### [About this task]
Beginning with the line that holds "Ordered by time, the" in the data below, give again every line through the one that holds "Counted from image 1, 1.8 seconds later.", exactly as written.

### [Entries supplied]
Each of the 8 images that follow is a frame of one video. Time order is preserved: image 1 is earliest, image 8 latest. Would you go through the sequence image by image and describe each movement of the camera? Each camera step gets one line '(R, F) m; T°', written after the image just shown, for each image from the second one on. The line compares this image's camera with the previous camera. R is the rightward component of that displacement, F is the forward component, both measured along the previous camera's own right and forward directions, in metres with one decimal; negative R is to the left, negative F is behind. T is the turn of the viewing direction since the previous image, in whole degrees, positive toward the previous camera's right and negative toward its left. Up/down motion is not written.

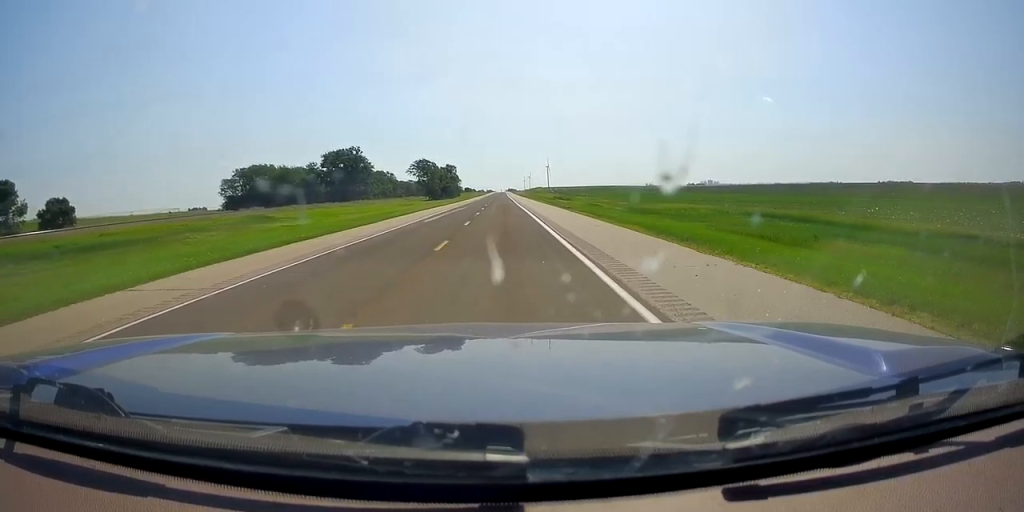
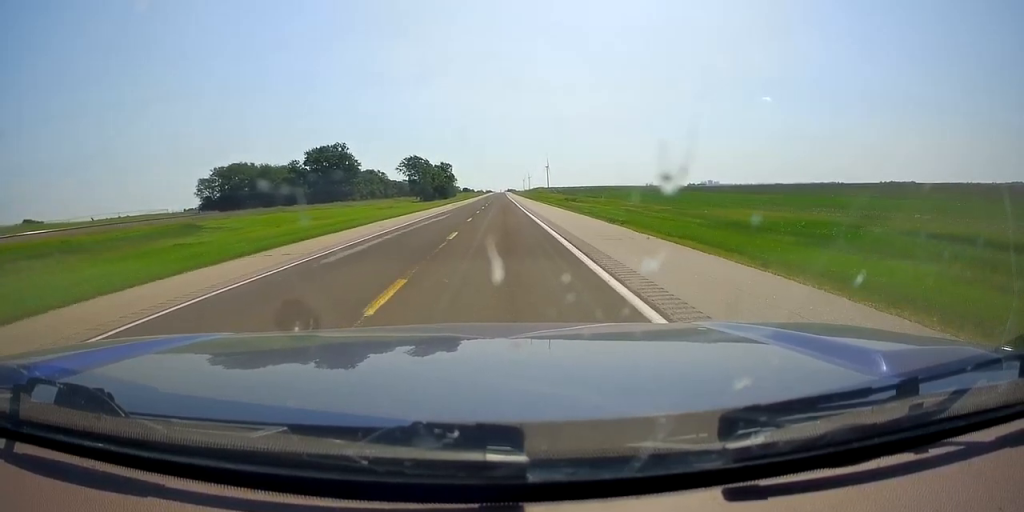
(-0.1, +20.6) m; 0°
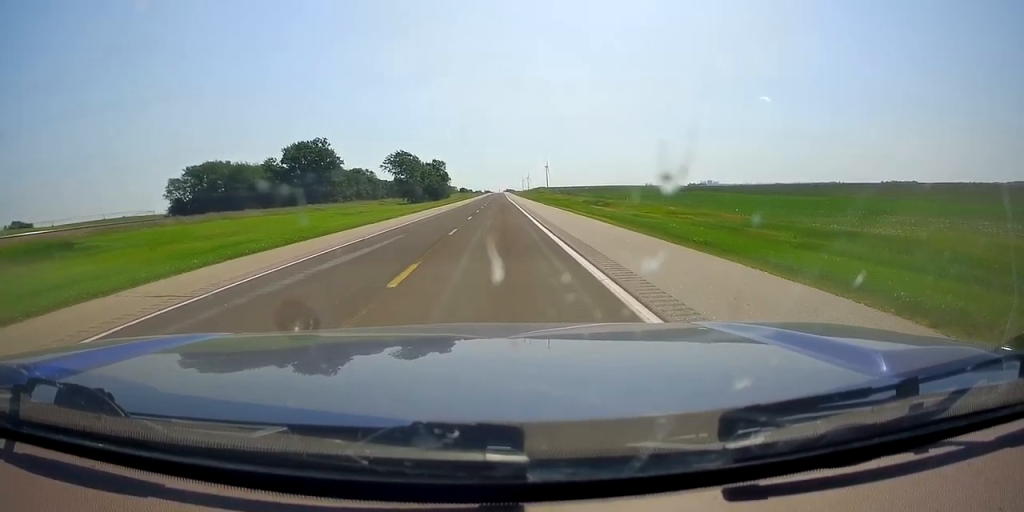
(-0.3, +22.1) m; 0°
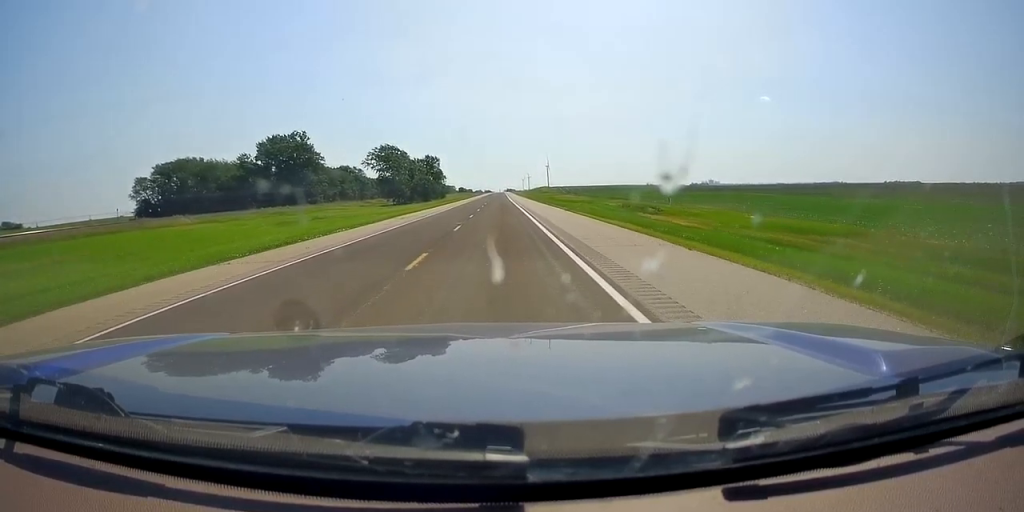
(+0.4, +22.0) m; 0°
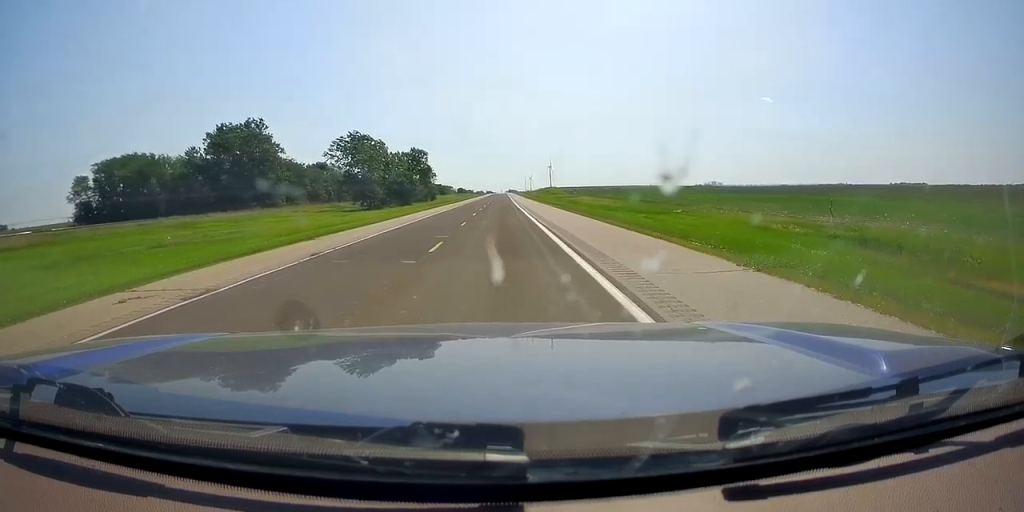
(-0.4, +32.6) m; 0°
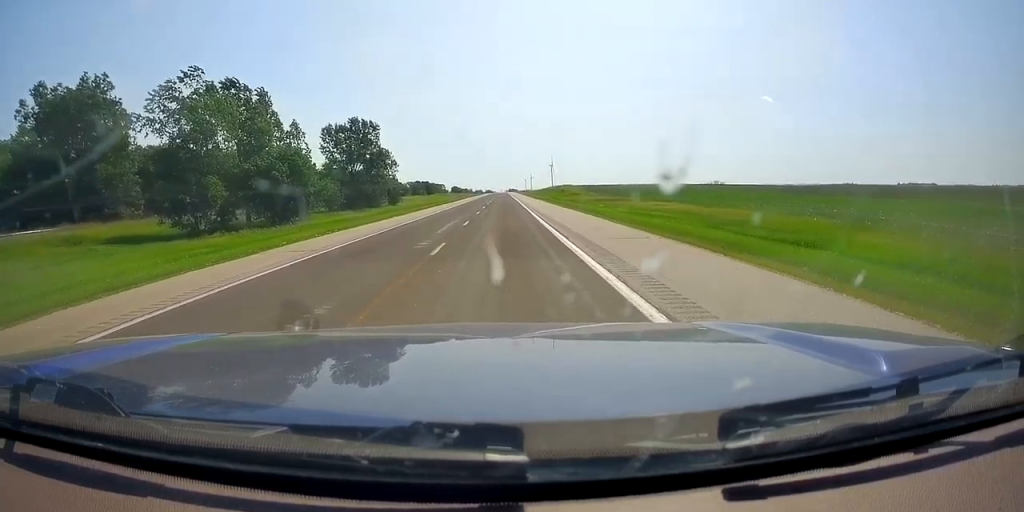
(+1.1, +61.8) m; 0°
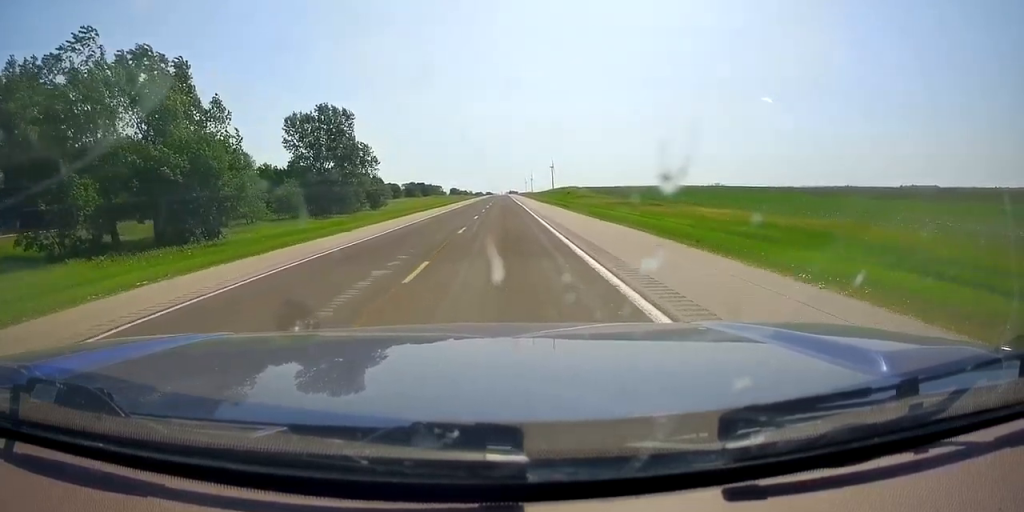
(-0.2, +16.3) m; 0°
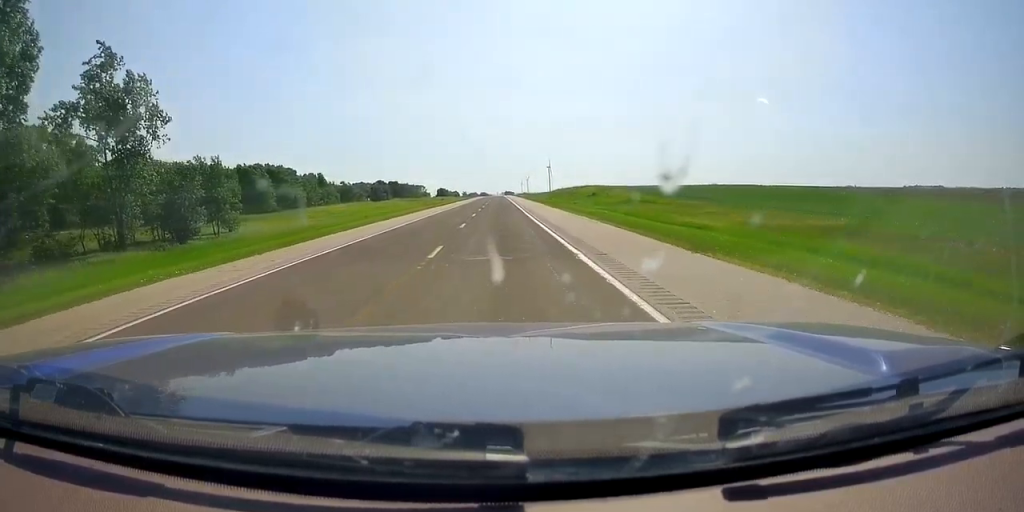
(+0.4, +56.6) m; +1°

...

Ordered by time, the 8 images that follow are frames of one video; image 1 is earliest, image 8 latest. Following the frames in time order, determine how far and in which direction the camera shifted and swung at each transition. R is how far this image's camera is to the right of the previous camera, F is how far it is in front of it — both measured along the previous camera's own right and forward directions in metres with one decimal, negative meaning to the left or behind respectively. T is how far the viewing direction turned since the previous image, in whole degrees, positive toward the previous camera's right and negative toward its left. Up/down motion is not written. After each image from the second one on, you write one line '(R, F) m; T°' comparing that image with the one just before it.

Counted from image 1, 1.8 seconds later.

### [Exercise solution]
Ordered by time, the 8 images that follow are frames of one video; image 1 is earliest, image 8 latest. Following the frames in time order, determine how far and in which direction the camera shifted and swung at each transition. R is how far this image's camera is to the right of the previous camera, F is how far it is in front of it — both measured along the previous camera's own right and forward directions in metres with one decimal, negative meaning to the left or behind respectively. T is how far the viewing direction turned since the previous image, in whole degrees, positive toward the previous camera's right and negative toward its left. Up/down motion is not written. After each image from the second one on, you write one line '(R, F) m; T°' comparing that image with the one just before it.

Counted from image 1, 1.8 seconds later.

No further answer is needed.